Repeat what the lines below say, word for word, and skip every image.
** Opening Dataset section block **
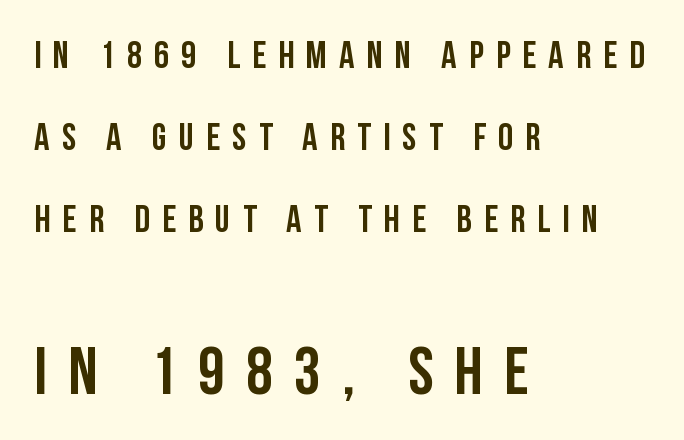
In terms of letterform style, serifs are entirely absent. Line beginnings align vertically; line endings do not. Display-style spreading of the glyphs; the letterfit is very open. Line spacing here is loose. Think of a printed novel: that variable character pitch is what you see here. Lines of text with bare space underneath.
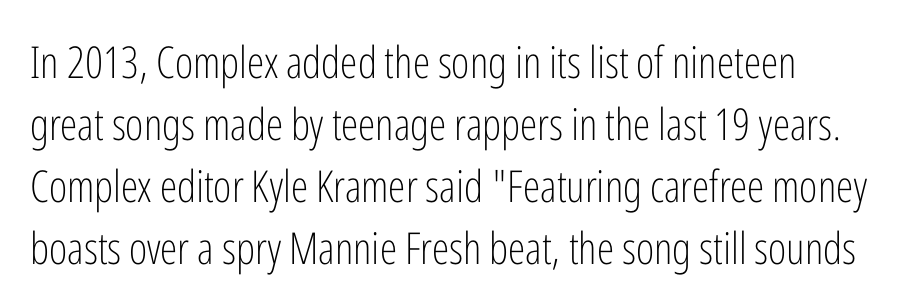
The image shows 44 px light, condensed sans-serif type, upright; set normal line spacing (1.41x), normal letter spacing, not underlined; low stroke contrast and a medium x-height.
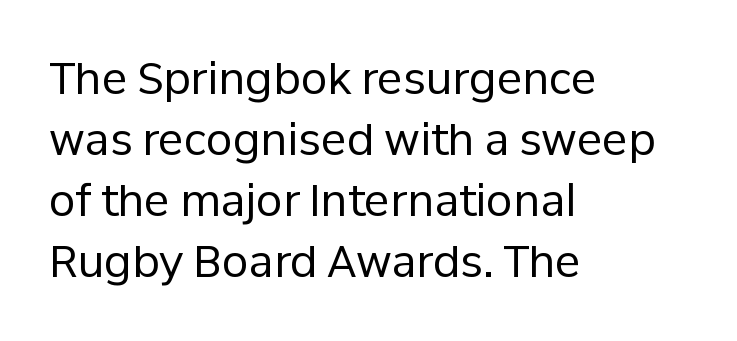
{"serif": "no", "italic": "no", "bold": "no", "weight": "regular", "width": "normal", "stroke_contrast": "low", "x_height": "medium", "monospaced": "no", "underline": "no", "align": "left", "line_spacing": "normal", "line_spacing_ratio": 1.42, "letter_spacing": "normal", "letter_spacing_em": 0.0, "glyph_px": 43}
** Closing Dataset section block **
• Solution to this task:
In terms of letterform style, serifs are entirely absent. Line beginnings align vertically; line endings do not. Display-style spreading of the glyphs; the letterfit is very open. Line spacing here is loose. Think of a printed novel: that variable character pitch is what you see here. Lines of text with bare space underneath.
The image shows 44 px light, condensed sans-serif type, upright; set normal line spacing (1.41x), normal letter spacing, not underlined; low stroke contrast and a medium x-height.
{"serif": "no", "italic": "no", "bold": "no", "weight": "regular", "width": "normal", "stroke_contrast": "low", "x_height": "medium", "monospaced": "no", "underline": "no", "align": "left", "line_spacing": "normal", "line_spacing_ratio": 1.42, "letter_spacing": "normal", "letter_spacing_em": 0.0, "glyph_px": 43}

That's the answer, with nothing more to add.